Говорить о них можно только вместе, ведь долгие десятилетия они были неразлучны. Елена Аладова (в девичестве Пук) родилась в учительской семье в Пружанах, Николай Аладов — в Петербурге, в семье статского советника. Потомственный дворянин, он долгие годы скрывал этот факт — после революции заявлять о своей принадлежности к «бывшим» было смерти подобно. Исторический излом, давший крылья одним, точно так же подрезал их другим: так, отец Елены Аладовой был репрессирован и расстрелян, реабилитировали его только после смерти Сталина.
Николай Аладов сочинять музыку начал еще в детстве, в 11 лет, и с этого момента его жизненный путь был предопределен. Экзамены экстерном за весь курс композиции Санкт-Петербургской консерватории, богемная жизнь в молодые годы, сочинительство и странствия по России, затем в 1924 году переезд в Минск, где молодой композитор стал одним из тех, кто организовывал и создавал Белорусскую государственную консерваторию.

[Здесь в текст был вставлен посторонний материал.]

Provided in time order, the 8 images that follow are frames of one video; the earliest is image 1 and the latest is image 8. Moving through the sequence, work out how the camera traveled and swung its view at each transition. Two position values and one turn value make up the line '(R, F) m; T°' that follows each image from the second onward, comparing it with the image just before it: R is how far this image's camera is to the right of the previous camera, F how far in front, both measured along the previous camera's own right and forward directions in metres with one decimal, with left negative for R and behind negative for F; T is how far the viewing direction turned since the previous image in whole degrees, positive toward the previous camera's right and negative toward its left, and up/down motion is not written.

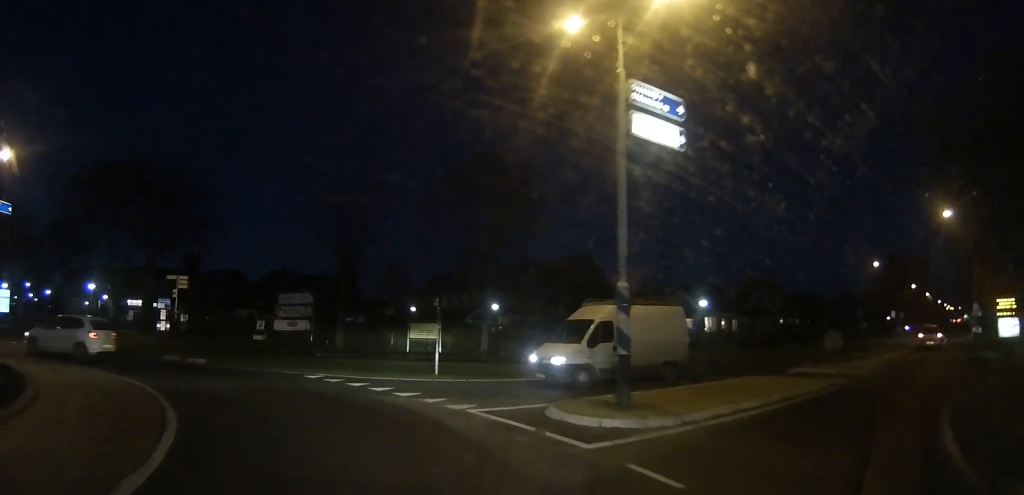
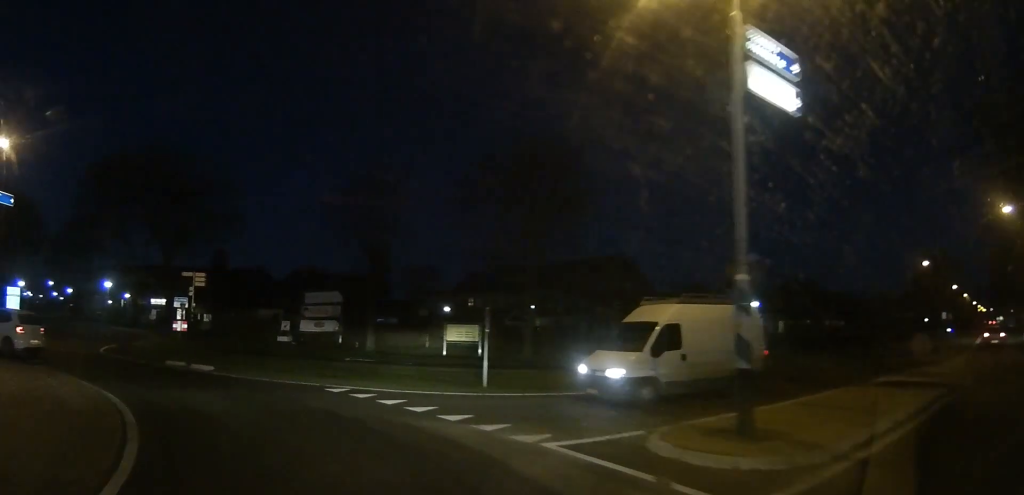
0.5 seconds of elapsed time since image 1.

Семья Аладовых, в которой было уже двое детей, должна была уехать в тыл. Фашисты подступали к Минску, а Елена Васильевна, будучи сотрудницей созданной в 1939‑м картинной галереи, была озабочена тем, как спасти от оккупантов музейную коллекцию. На город сыпались бомбы, Николай Аладов с сыновьями ждали ее в бомбоубежище музея, а она до последнего паковала ценные экспонаты, пытаясь дозвониться в ЦК и Совмин, чтобы выбить грузовик: музейный водитель ушел на призывной пункт, а больше за руль сесть было некому. Коллекцию пришлось оставить, в том числе 48 драгоценных слуцких поясов, после войны эти и другие раритеты так и не были найдены — потеря, которая многие годы наполняла сердце Елены Аладовой горечью.
Штрих к портрету: в 1942 году в Саратове прошел слух, что фашисты взяли Ленинград. Многие стремились как можно скорее оставить город и уехать подальше, а Аладов отказался куда-либо бежать и демонстративно подал документы в партию.
«В ту пору в залах Третьяковки шла выставка произведений белорусских художников, посвященная 25‑летию образования Белорусской Советской Социалистической Республики. Экспонаты этой выставки были созданы белорусами на фронтах Великой Отечественной войны, в партизанских отрядах, в эвакуации. Они и составили основу собрания будущей обновленной нашей галереи. Вскоре на стеллажах нашего запасника стали появляться и другие произведения», — вспоминала Елена Аладова. Благодаря дружбе с главой правительства БССР Пантелеймоном Пономаренко она пробила строительство здания музея, которое было завершено в 1957 году и сейчас является одним из знаковых памятников архитектуры Минска, и без устали занималась пополнением разоренных фондов.